Road to Gencos and Discos


ELECTRICITY generation activities started in Nigeria in 1896 when the first power plant was built in Lagos. However, it was not until 1929 when the Nigeria Electricity Supply Company (NESCO) was established as an electric utility company that the phenomenon spread as the Public Works Department (PWD) was empowered to build plants in different parts of the country. This resulted in the construction of a hydroelectric power station at Kuru near Jos, among others. Electricity supply at this time was mainly for government offices and quarters as well as for the very influential.

However, there was a twist in 1951 when the Electricity Corporation of Nigeria (ECN) was established as it had the directive to facilitate adequate supply of electricity to as many Nigerians as were willing to have and able to pay for it. The first 132KV line was constructed in 1962, linking Ijora Power Station to Ibadan Power Station.

The establishment of the Niger Dams Authority (NDA) in 1962 with a mandate to develop the hydropower potential of the country was the real breakthrough in power generation and transmission. However, ECN and NDA were merged in 1972 to form the National Electric Power Authority (NEPA). In 1998, NEPA ceased to have an exclusive monopoly over electricity generation, transmission, distribution and sales as the government amended the Electricity and NEPA Acts to accommodate private sector participation in the sector. However, not much changed in spite of the amendment to the Act.

The 1970s and 1980s are regarded as the golden era of electricity supply in the country. This was because though many rural communities were not connected to the national grid, there was ample supply of electricity to connected areas with downtime being very few and far between. However, since the 1990s, there has been a consistent decline in electricity supply in the country. This stems from the fact that for over two decades, the power sector was subjected to neglect. The power plants were crippled, especially as the hydro-power plants in Kainji, Jebba and Shiroro had a drop in generation sequel to age and obsolete equipment. This was worsened by the failure of the government to add a single power plant to the existing ones despite the rising population and increased demands for electricity. Demand for electricity has grown at the rate of 8.2 per cent per annum since 1984 against the Gross Domestic Product growth of between three and five per cent. Thus, electricity supply continued to depreciate to the extent that generation level dropped to as low as 1,500 megawatts in 2000.

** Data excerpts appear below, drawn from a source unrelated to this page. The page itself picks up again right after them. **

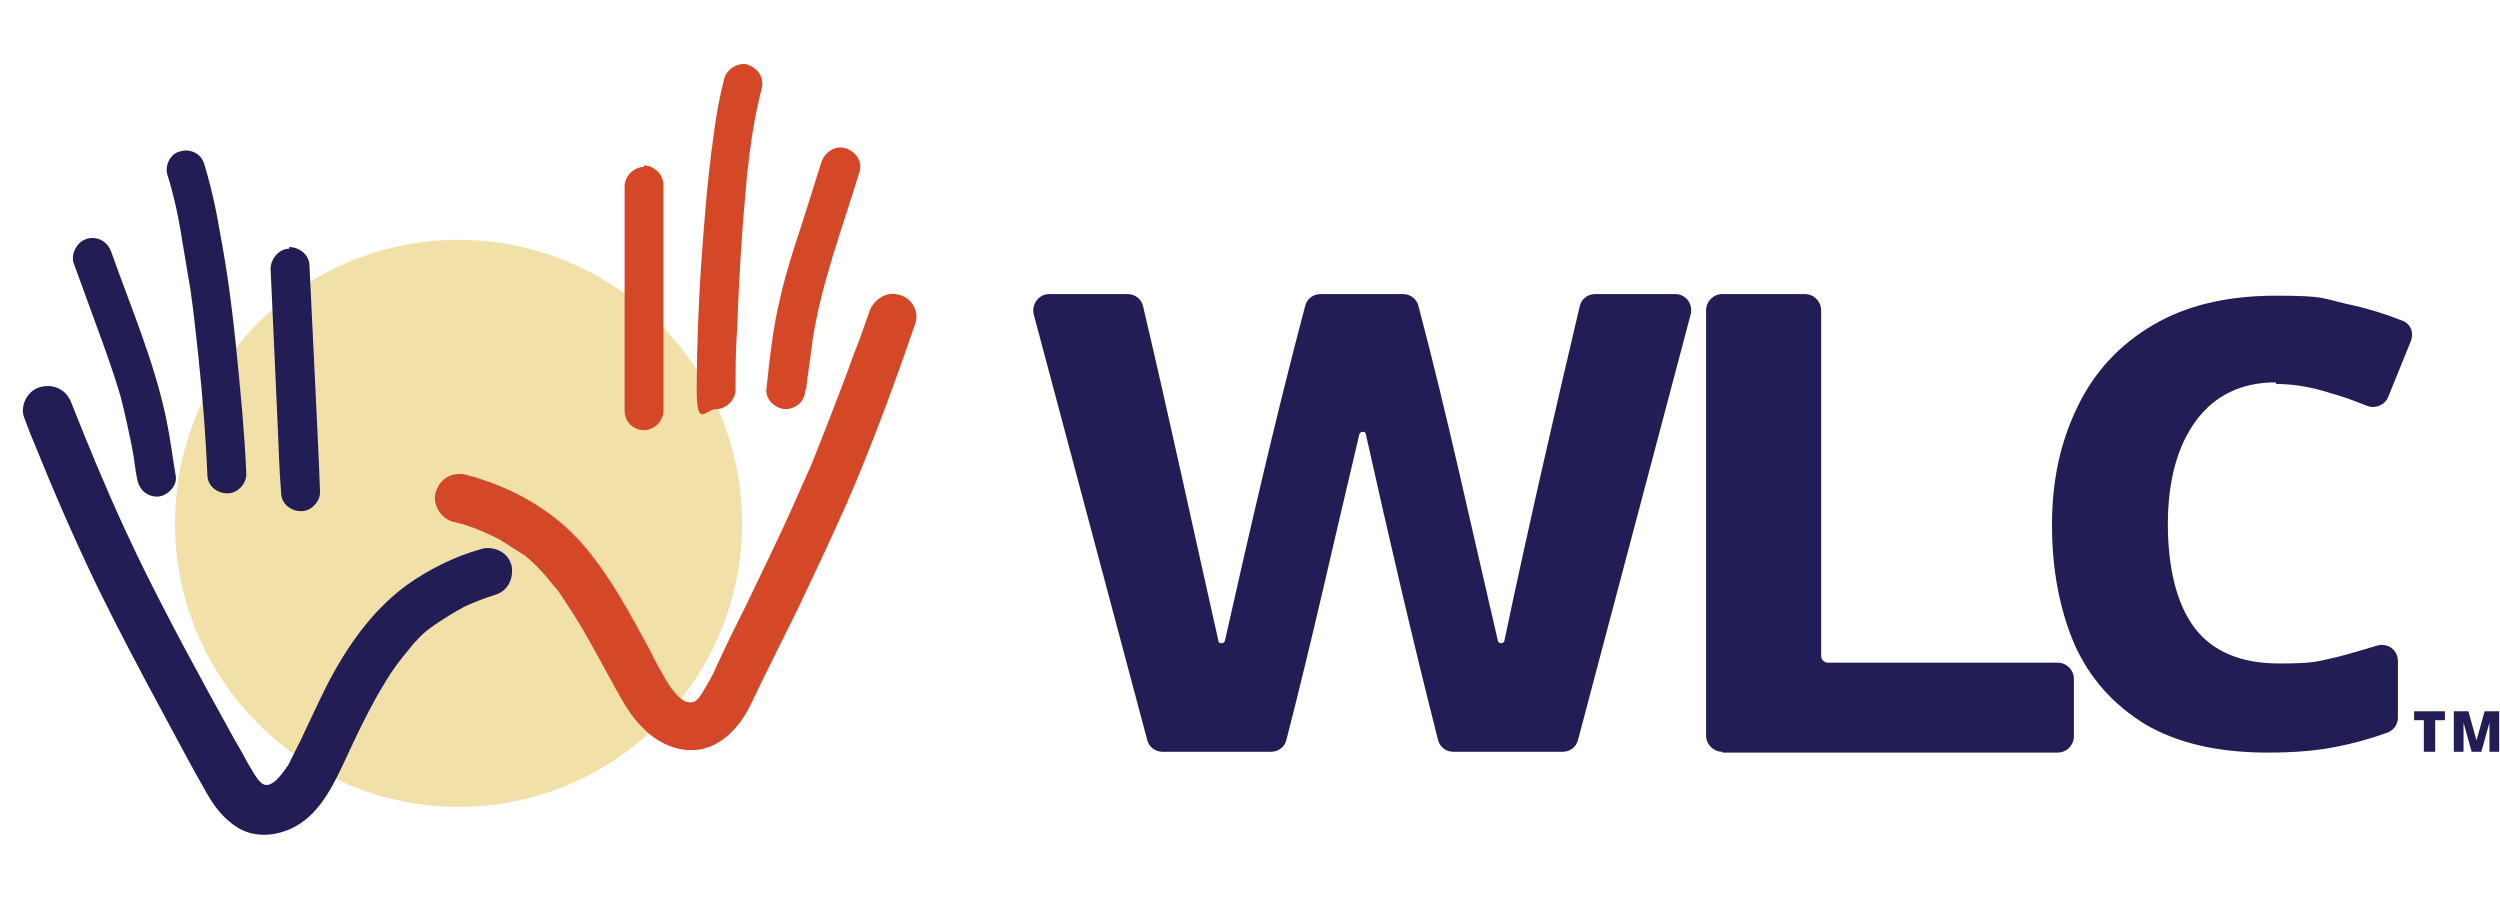 <?xml version="1.0" encoding="UTF-8"?>
<svg id="Layer_2" data-name="Layer 2" xmlns="http://www.w3.org/2000/svg" version="1.1" viewBox="0 0 308.6 111">
  <defs>
    <style>
      .cls-1 {
        fill: #221d55;
      }

      .cls-1, .cls-2, .cls-3 {
        stroke-width: 0px;
      }

      .cls-2 {
        fill: #f1e1a9;
      }

      .cls-3 {
        fill: #d44828;
      }
    </style>
  </defs>
  <path class="cls-2" d="M56.6,99.6c19.3,0,35-15.7,35-35s-15.7-35-35-35-35,15.7-35,35,15.7,35,35,35Z"/>
  <g>
    <path class="cls-3" d="M99.4,48.1c0,.6-.2,1.2-.7,1.7-.4.4-1.1.7-1.7.7-1.2,0-2.5-1.1-2.4-2.4.4-3.8.8-7.6,1.7-11.3.7-3.1,1.7-6.2,2.7-9.2.8-2.5,1.6-5.1,2.4-7.6.4-1.2,1.7-2.1,3-1.7h0c1.2.4,2.1,1.6,1.7,2.9-2.1,6.9-4.7,13.7-5.8,20.8,0,.4-.7,4.9-.8,6.1h0Z"/>
    <path class="cls-3" d="M92.4,8c-1.2-.4-2.7.5-3,1.7-.6,2.3-1,4.6-1.3,6.9-.8,5.6-1.2,11.1-1.6,16.8-.3,4.9-.5,9.8-.5,14.7s1.1,2.4,2.4,2.4c1.3,0,2.4-1.2,2.4-2.4,0-2.5,0-5,.2-7.6.2-5.5.5-11,1-16.4.1-1.3.2-2.6.4-4,0-.6.4-2.8.4-3.1.3-2,.7-4,1.2-6,.4-1.3-.4-2.6-1.7-3h0,0Z"/>
    <path class="cls-3" d="M79.5,20.6c-1.3,0-2.4,1.2-2.4,2.4v19.8c0,2.7,0,5.3,0,7.9,0,1.4,1.1,2.4,2.4,2.4,1.3,0,2.4-1.2,2.4-2.4,0-1.1,0-11.3,0-15.4v-12.4c0-1.4-1.1-2.4-2.4-2.5h0Z"/>
    <path class="cls-1" d="M10.7,29.5c-1.2.3-2,1.9-1.6,3,.9,2.5,1.8,4.9,2.7,7.4,1.1,3,2.2,6,3.1,9.1.4,1.5,1.2,5.1,1.5,6.8.2,1.1.3,2.2.5,3.2.2,1.3,1.1,2.3,2.5,2.3,1.2,0,2.5-1.3,2.3-2.5-.4-2.4-.7-4.8-1.2-7.2-1.5-7.1-4.4-13.8-6.8-20.6-.5-1.3-1.8-1.9-3.1-1.5h0Z"/>
    <path class="cls-1" d="M22.2,18.7c-1.3.3-1.9,1.9-1.5,3,.7,2.2,1.2,4.5,1.6,6.8,0,.2,1,5.9,1.2,7.2.4,2.8.7,5.6,1,8.4.5,4.8.9,9.7,1.1,14.5,0,1.4,1.2,2.3,2.5,2.3,1.3,0,2.4-1.3,2.3-2.5-.1-2.5-.3-5.1-.5-7.6-.5-5.5-1-11-1.8-16.5-.4-2.7-.9-5.4-1.4-8.1-.4-2-.9-4-1.5-6-.4-1.3-1.8-1.9-3-1.5h0s0,0,0,0Z"/>
    <path class="cls-1" d="M35.7,30.7c-1.3,0-2.3,1.3-2.3,2.5l.3,6.5.6,13.3c.1,2.6.2,5.3.4,7.8,0,1.4,1.2,2.3,2.5,2.3,1.3,0,2.4-1.3,2.3-2.5,0-1.1-.7-15.4-.7-15.4-.2-4.1-.4-8.3-.6-12.4,0-1.3-1.2-2.3-2.5-2.3h0Z"/>
    <path class="cls-1" d="M63.1,69.7c-.4-1.6-2.3-2.4-3.8-1.9-3.2.9-6.4,2.5-9.2,4.5-4.3,3.2-7.4,7.7-9.8,12.4-1.1,2.2-2.1,4.4-3.2,6.7-.5,1-1,2-1.5,3-1.2,1.8-2,2.5-2.7,2.5s-1.2-.8-2.2-2.5c-.6-1.1-1.2-2.2-1.8-3.2-4.1-7.4-8.2-14.9-11.9-22.5-.5-1.1-1.1-2.3-1.6-3.4-2.4-5.2-4.5-10.3-6.6-15.6-.6-1.6-2.2-2.4-3.9-1.9h0c-1.5.4-2.5,2.3-1.9,3.8.4,1,.7,1.9,1.1,2.8,2.5,6.2,5.1,12.2,8,18.2,2.5,5.1,5.2,10.2,7.9,15.2,1.8,3.3,3.5,6.6,5.4,9.9,1,1.8,2.2,3.4,4,4.5,2.2,1.3,4.9,1,7.1-.2,3.2-1.8,4.8-5.4,6.3-8.6,1.2-2.6,2.4-5.1,3.8-7.6.7-1.2,1.4-2.4,2.2-3.5.1-.2,1.8-2.3,2.2-2.8.5-.5,1-1.1,1.5-1.5.1-.1.9-.7,1.2-.9,1.2-.8,2.3-1.5,3.6-2.2,1.3-.6,2.6-1.1,3.9-1.5,1.6-.5,2.3-2.2,1.9-3.8h0Z"/>
    <path class="cls-3" d="M111,36.4h0c-1.6-.5-3.2.6-3.7,2.1-.6,1.7-1.2,3.5-1.9,5.2-1.7,4.8-5.4,14.1-5.4,14-.8,1.8-1.6,3.6-2.4,5.4-1.7,3.8-3.6,7.6-5.4,11.4-1.2,2.4-2.4,4.8-3.5,7.2-.4.9-.8,1.8-1.3,2.6-.8,1.4-1.3,2.4-2.1,2.4,0,0-.1,0-.2,0-.7,0-1.7-.8-2.8-2.6h0c-.7-1.2-1.4-2.4-2-3.7-2.4-4.4-4.8-9-8.1-12.9-3.8-4.5-9-7.4-14.7-8.9-1.7-.4-3.2.5-3.7,2.1-.5,1.5.6,3.3,2.1,3.7,1.4.3,2.8.8,4.1,1.4.5.2,1,.5,1.5.7.7.4,3.1,2,3.2,2,1.1.9,2.1,1.9,3,3,.2.3,1,1.2,1,1.2.4.5.7,1,1.1,1.6.8,1.2,1.5,2.3,2.2,3.5,1.4,2.4,2.7,4.9,4.1,7.4.9,1.6,1.8,3.2,3.1,4.5,1.6,1.7,3.8,2.9,6.1,2.9,2.6,0,4.6-1.5,6.1-3.5,1.1-1.5,1.8-3.3,2.6-4.9,1.6-3.2,3.1-6.3,4.7-9.5,2.5-5.3,5-10.5,7.2-15.8,2.6-6.3,4.9-12.6,7.1-19,.5-1.6-.6-3.2-2-3.5h0s0,0,0,0Z"/>
  </g>
  <path class="cls-1" d="M280.9,47.2c-4.2,0-7.5,1.6-9.8,4.7-2.3,3.1-3.5,7.4-3.5,12.8s1.1,9.9,3.3,12.8c2.2,2.9,5.7,4.4,10.4,4.4s4.8-.3,7.2-.8c1.6-.4,3.2-.9,4.9-1.4,1.3-.4,2.6.5,2.6,1.9v7c0,.8-.5,1.5-1.2,1.8-2.2.8-4.4,1.4-6.5,1.8-2.5.5-5.3.7-8.4.7-6.2,0-11.2-1.2-15.1-3.5-3.9-2.4-6.8-5.6-8.7-9.8-1.8-4.2-2.8-9.1-2.8-14.8s1.1-10.4,3.2-14.7,5.2-7.6,9.3-10,9.1-3.6,15.1-3.6,5.7.3,8.7,1c2.4.5,4.7,1.2,7,2.1,1,.4,1.4,1.5,1,2.5l-2.8,6.9c-.4,1-1.6,1.5-2.6,1.1-1.5-.6-3.1-1.2-4.6-1.6-2.2-.7-4.4-1.1-6.6-1.1h0Z"/>
  <path class="cls-1" d="M212.6,92.8c-1.1,0-2-.9-2-2v-52.5c0-1.1.9-2,2-2h10.2c1.1,0,2,.9,2,2v42.7c0,.4.4.8.8.8h28.4c1.1,0,2,.9,2,2v7.1c0,1.1-.9,2-2,2h-41.4,0Z"/>
  <path class="cls-1" d="M206.8,36.3c1.3,0,2.2,1.2,1.9,2.5l-13.9,52.5c-.2.9-1,1.5-1.9,1.5h-13.5c-.9,0-1.7-.6-1.9-1.5-3.1-12.2-6-24.7-8.9-37.7,0-.4-.7-.4-.8,0-3.1,13-5.8,25.3-9,37.7-.2.9-1,1.5-1.9,1.5h-13.4c-.9,0-1.7-.6-1.9-1.5l-14-52.5c-.3-1.2.6-2.5,1.9-2.5h9.7c.9,0,1.7.6,1.9,1.5,3.2,13.6,6.1,27.1,9.3,41.3,0,.4.7.4.8,0,3.2-14.2,6.3-27.7,9.9-41.3.2-.9,1-1.5,1.9-1.5h10.2c.9,0,1.7.6,1.9,1.5,3.6,13.6,6.5,27.2,9.8,41.3.1.4.7.4.8,0,2.9-13.8,6.1-27.7,9.3-41.3.2-.9,1-1.5,1.9-1.5h9.8,0Z"/>
  <g>
    <path class="cls-1" d="M300.6,92.8h-1.4v-3.9h-1.2v-1.1h3.8v1.1h-1.2v3.9h0Z"/>
    <path class="cls-1" d="M305.1,92.8l-1-3.6h0s0,.2,0,.4c0,.2,0,.3,0,.5v2.7h-1.2v-5h1.8l1,3.6h0l1-3.6h1.8v5h-1.2v-2.7c0-.2,0-.4,0-.5,0-.2,0-.3,0-.4h0l-1,3.6h-1.3,0s0,0,0,0Z"/>
  </g>
</svg>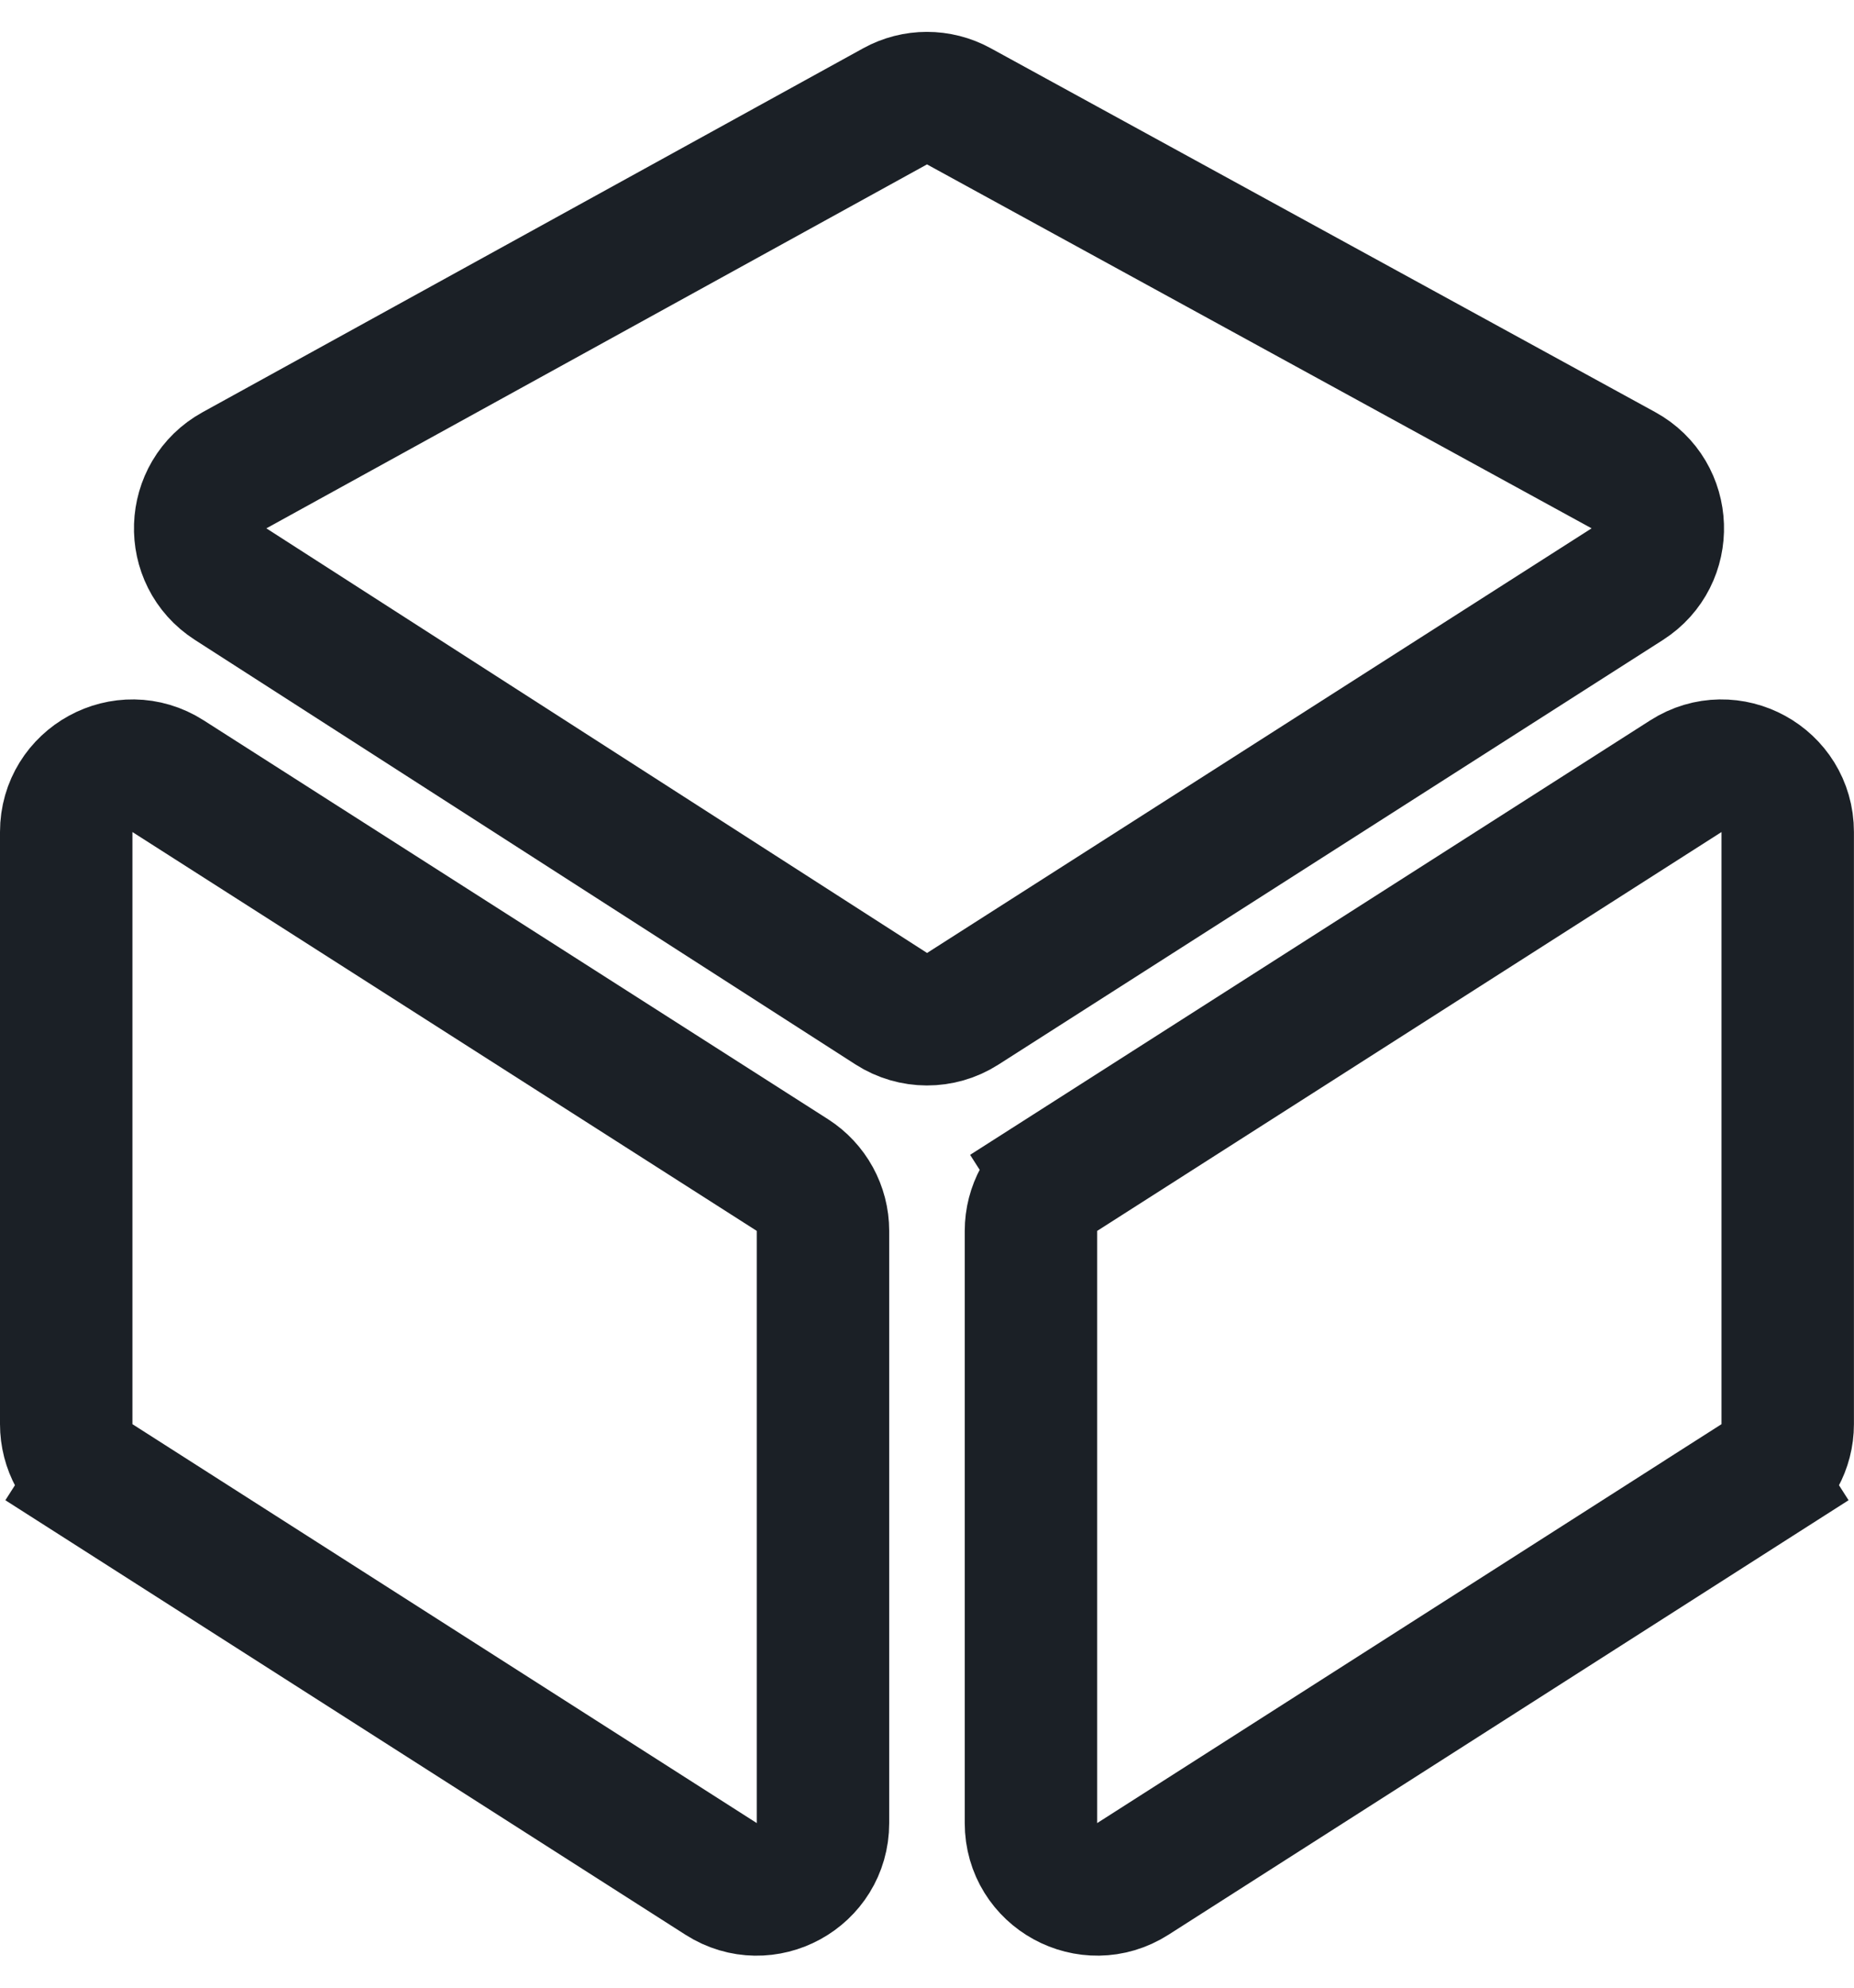 <svg width="28" height="30" viewBox="0 0 28 30" fill="none" xmlns="http://www.w3.org/2000/svg">
<path d="M13.518 1.605C13.817 1.44 14.18 1.44 14.48 1.604L24.517 7.097C25.184 7.462 25.216 8.408 24.575 8.817L14.539 15.226C14.21 15.436 13.788 15.435 13.46 15.224L3.483 8.816C2.845 8.406 2.877 7.464 3.541 7.098L13.518 1.605Z" stroke="#1B2026" stroke-width="2"/>
<path d="M1 12.557C1 11.768 1.873 11.29 2.538 11.715L11.967 17.735C12.254 17.919 12.429 18.236 12.429 18.578V27.516C12.429 28.305 11.556 28.784 10.89 28.358L1.462 22.338L0.924 23.181L1.462 22.338C1.174 22.154 1 21.837 1 21.495V12.557Z" stroke="#1B2026" stroke-width="2"/>
<path d="M16.032 17.735L15.494 16.892L16.032 17.735L25.461 11.715C26.126 11.29 26.999 11.768 26.999 12.557V21.495C26.999 21.837 26.824 22.155 26.537 22.338L27.075 23.181L26.537 22.338L17.109 28.358C16.443 28.783 15.57 28.305 15.57 27.516V18.578C15.57 18.236 15.744 17.919 16.032 17.735Z" stroke="#1B2026" stroke-width="2"/>
</svg>

Real reform in the sector started in 2001 when the Olusegun Obasanjo administration came up with the National Electric Power Policy. This paved the way for the metamorphosis of NEPA into the Power Holding Company of Nigeria (PHCN) and the formation of 18 successor companies.

The current administration also set up the Presidential Action Committee on Power (PACP), which is chaired by the president and consists of the vice-president and ministers who play a key role in reforming the sector. The PACP provides high-level oversight of the implementation of electric power sector reform.

The Goodluck Jonathan administration came up with the Power Sector Reform Roadmap which culminated in the construction of new plants. The administration also pursued with vigour the privatisation of the generating plants (GENCOs) and the distribution companies (DISCOs) because of the belief that with these in the hands of private companies electricity generation and distribution would witness an improvement.

Although getting the Gencos and Discos privatised was a daunting task given the opposition of the labour movement to the idea, the government eventually accomplished it when the ownership of the generation and distributions companies were transferred to the new owners on November 1, 2013.